Are you afraid of death?
Well, I can’t say that I have
any great affection for it.
Look below you, my friend.
For 70 years,
I’ve watched the seasons change.
I’ve seen the vibrant life of summer,
the brilliant death of fall…
the silent grave of winter.
And then, I’ve seen
the resurrection of spring
the glorious birth of new life.
And my father and my father’s father
have seen it before me.
Nothing ever dies, my friend.
Prince of Foxes Screenplay, 1949
Prior to my son Larry passing away three years ago I had never spent much time in cemeteries. That of course has changed. Over the past three years I have been a weekly visitor, except when the snow is too thick to get in (one time I got stuck at the gate in the snow making the attempt) to Mount Olivet Cemetery here in Dwight. I have always been struck by the peace there as I talk to my son at his grave site and pray. A train runs along a side of the cemetery, something Larry would have enjoyed, and no doubt his spirit does, as he was fascinated by trains during life. Each season has a special grandeur at the cemetery: spring with its new life, lush summer, brilliant fall, and silent winter. However, without a doubt, the most beautiful time is Memorial Day where the graves of veterans in the cemetery are decorated with flags.
Going to the graves we see veterans who lived to old age and veterans who died young in war. Graves dating from the Civil War and graves dating from recent conflicts. Graves where the sorrow of the loss is dimmed with the passage of time and graves where the sorrow is a fresh wound. All the graves have in common is a small American flag marking them on this day, a sign of respect and love for their service.
Remembering our dead is a tribute to the human capacities for memory and love. It is all too easy to forget our dead in the hurly-burly of life, but it is essential that we do not do so. God loves each man as if there was no other. Each life is worthy of remembrance, for good or for ill. We are not Mayflies that live brief lives and perish. What we are echoes both in time and in eternity and no man’s life or death should be ignored.

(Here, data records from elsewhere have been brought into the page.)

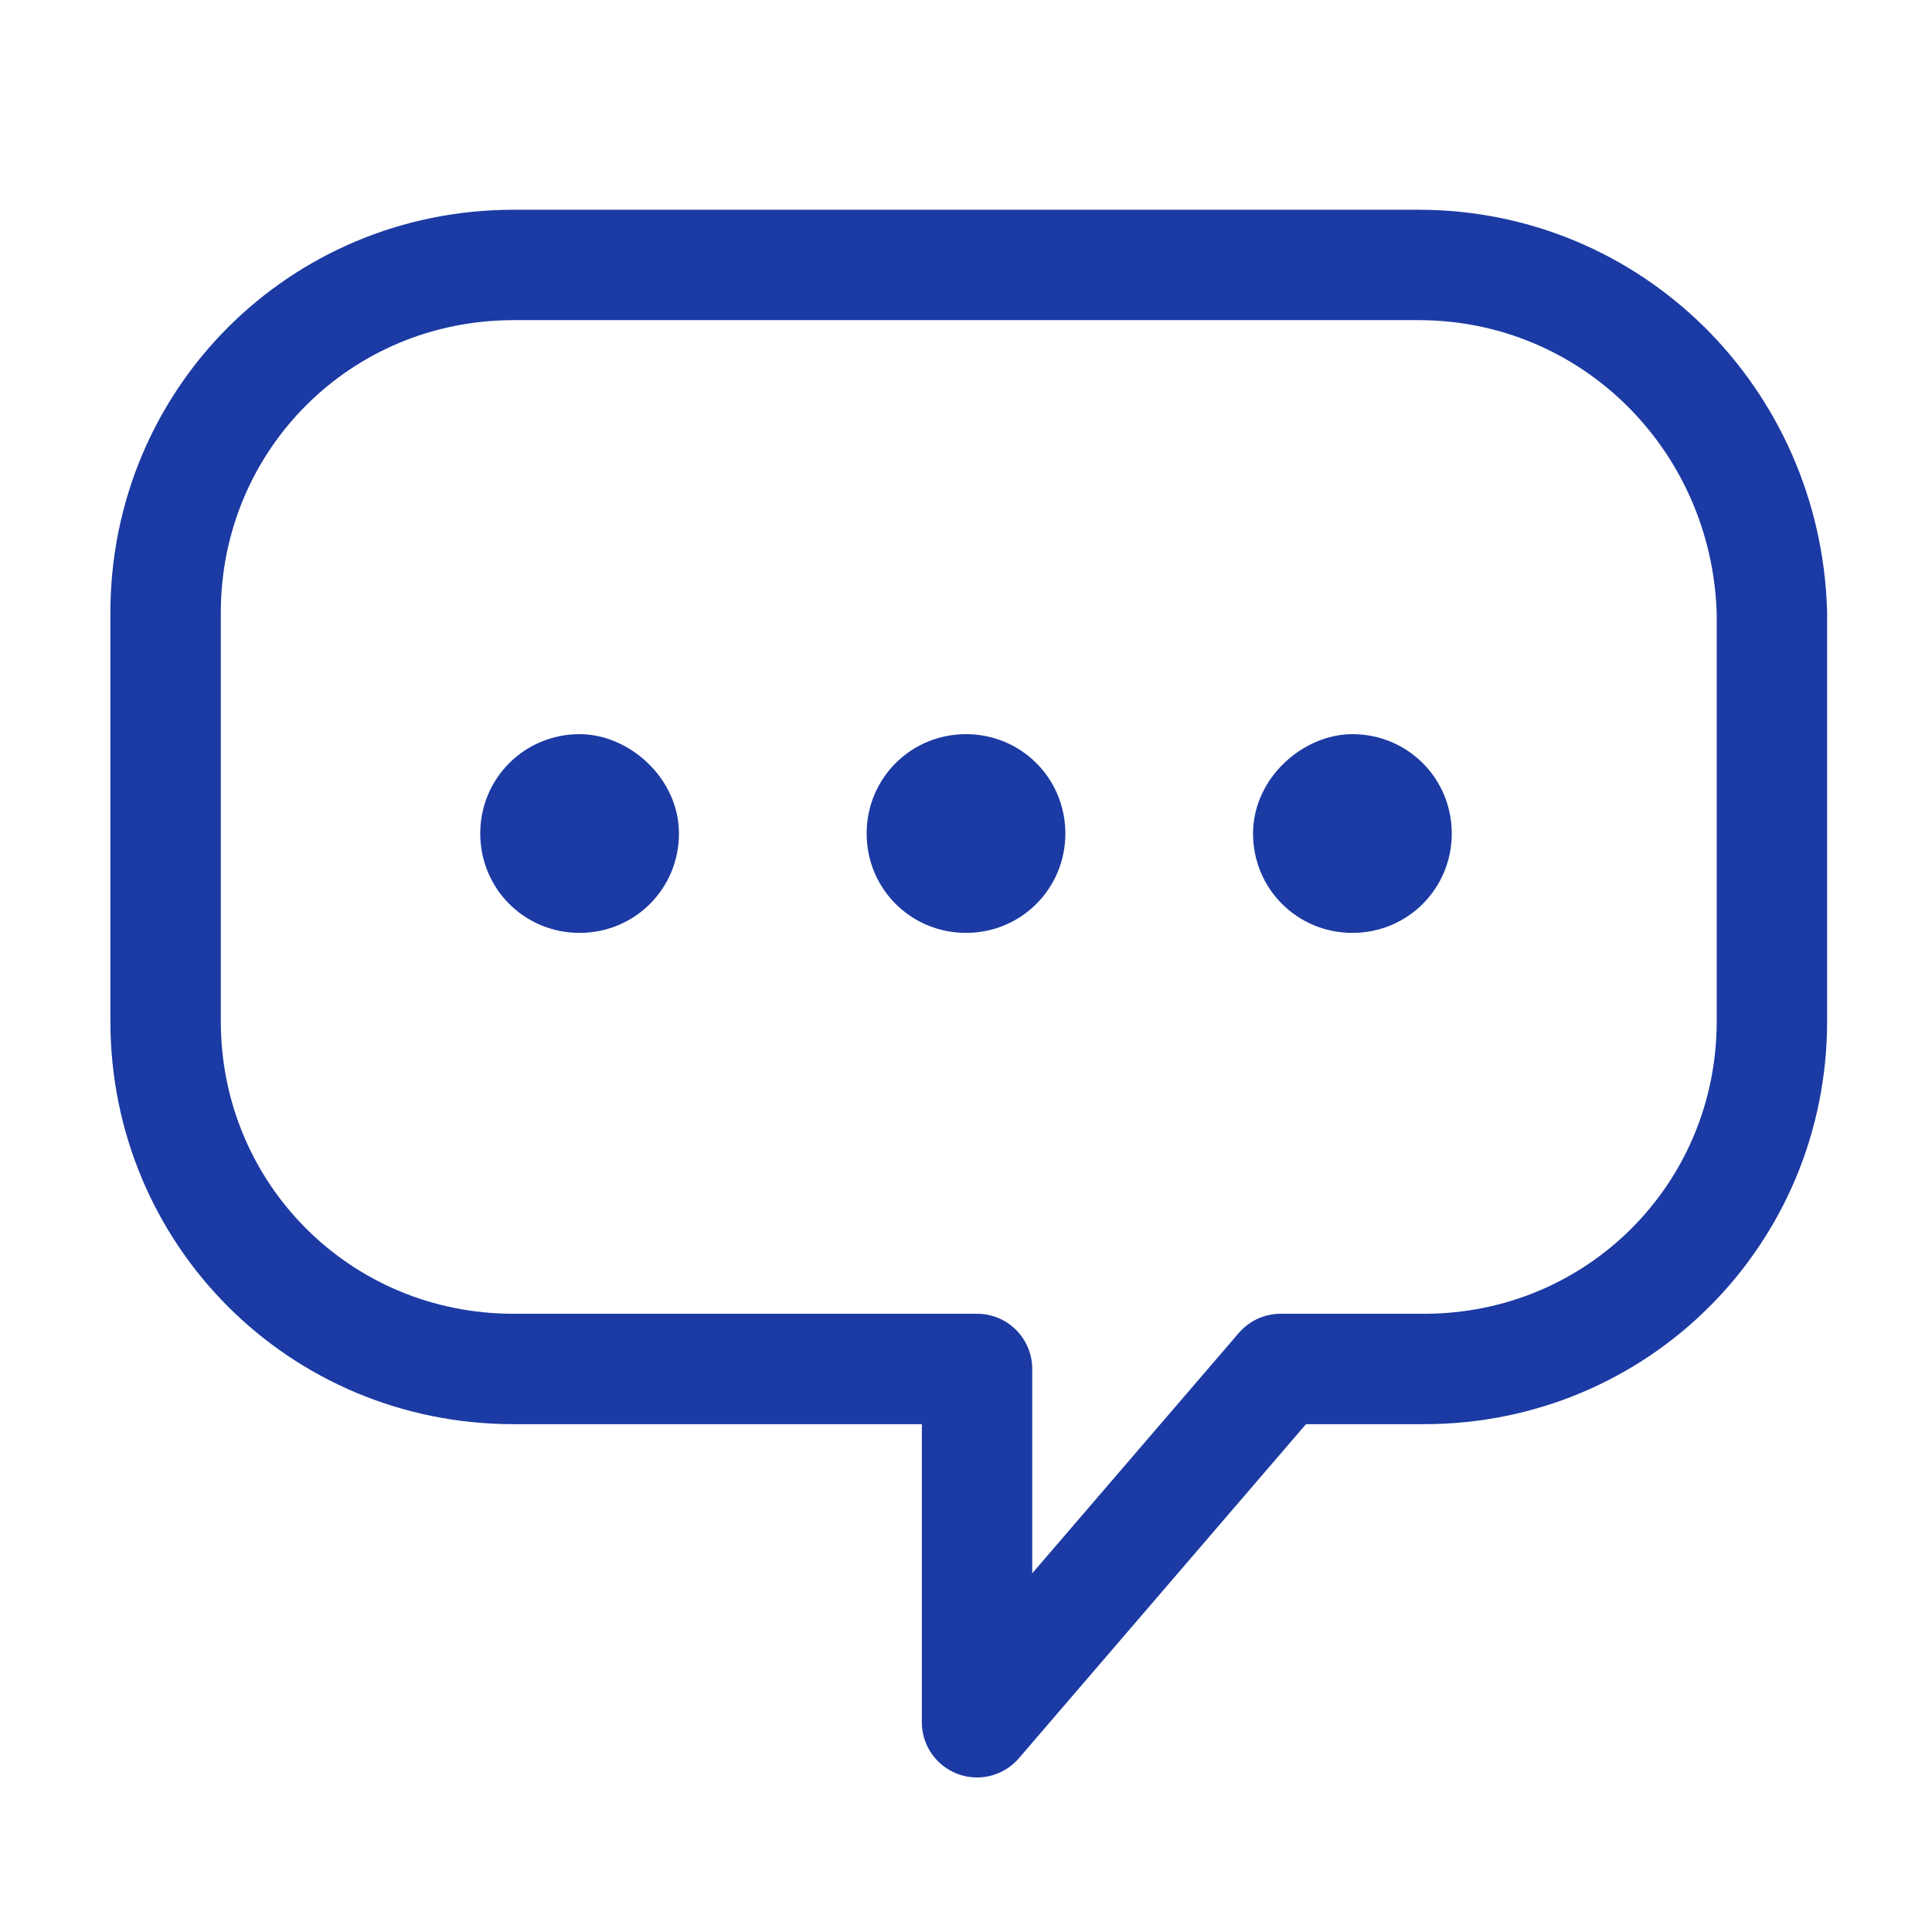<?xml version="1.0" encoding="utf-8"?>
<!-- Generator: Adobe Illustrator 26.5.0, SVG Export Plug-In . SVG Version: 6.00 Build 0)  -->
<svg version="1.1" id="Layer_1" xmlns="http://www.w3.org/2000/svg" xmlns:xlink="http://www.w3.org/1999/xlink" x="0px" y="0px"
	 viewBox="0 0 35 35" style="enable-background:new 0 0 35 35;" xml:space="preserve">
<style type="text/css">
	.st0{clip-path:url(#SVGID_00000070839282309700832380000013832376282521260168_);}
	.st1{fill:none;stroke:#1B3AA3;stroke-width:2;stroke-linecap:round;stroke-linejoin:round;}
	.st2{fill:#1B3AA3;}
</style>
<g>
	<defs>
		<rect id="SVGID_1_" x="0.3" y="1.1" width="34.4" height="32.9"/>
	</defs>
	<clipPath id="SVGID_00000108993998734889866090000014192283246713612942_">
		<use xlink:href="#SVGID_1_"  style="overflow:visible;"/>
	</clipPath>
	<g id="icn" style="clip-path:url(#SVGID_00000108993998734889866090000014192283246713612942_);">
		<path id="Path_3378" class="st1" d="M25.7,4.8H9.3C5.8,4.8,3,7.6,3,11.1v7.4c0,3.5,2.8,6.3,6.3,6.3h8.4v6.4l5.5-6.4h2.6
			c3.5,0,6.3-2.8,6.3-6.3v-7.4C32,7.6,29.2,4.8,25.7,4.8z"/>
		<path id="Path_3379" class="st2" d="M19.3,15.1c0,1-0.8,1.8-1.8,1.8c-1,0-1.8-0.8-1.8-1.8s0.8-1.8,1.8-1.8c0,0,0,0,0,0
			C18.5,13.3,19.3,14.1,19.3,15.1z"/>
		<path id="Path_3380" class="st2" d="M12.3,15.1c0,1-0.8,1.8-1.8,1.8s-1.8-0.8-1.8-1.8c0-1,0.8-1.8,1.8-1.8
			C11.4,13.3,12.3,14.1,12.3,15.1C12.3,15.1,12.3,15.1,12.3,15.1z"/>
		<path id="Path_3381" class="st2" d="M22.7,15.1c0,1,0.8,1.8,1.8,1.8c1,0,1.8-0.8,1.8-1.8c0-1-0.8-1.8-1.8-1.8
			C23.6,13.3,22.7,14.1,22.7,15.1C22.7,15.1,22.7,15.1,22.7,15.1z"/>
	</g>
</g>
</svg>

In a cemetery we see the panoply of life spread out before us: infants who died at birth to people who died beyond the century mark. Beloved wives, husbands, brothers, sisters, uncles, aunts, sons and daughters. Graves of the obscure and the famous. Graves that are frequently visited and graves where the loved ones of the departed have long since departed themselves. All alike waiting for the Final Day when their bodies will rejoin their souls when Christ comes to judge all.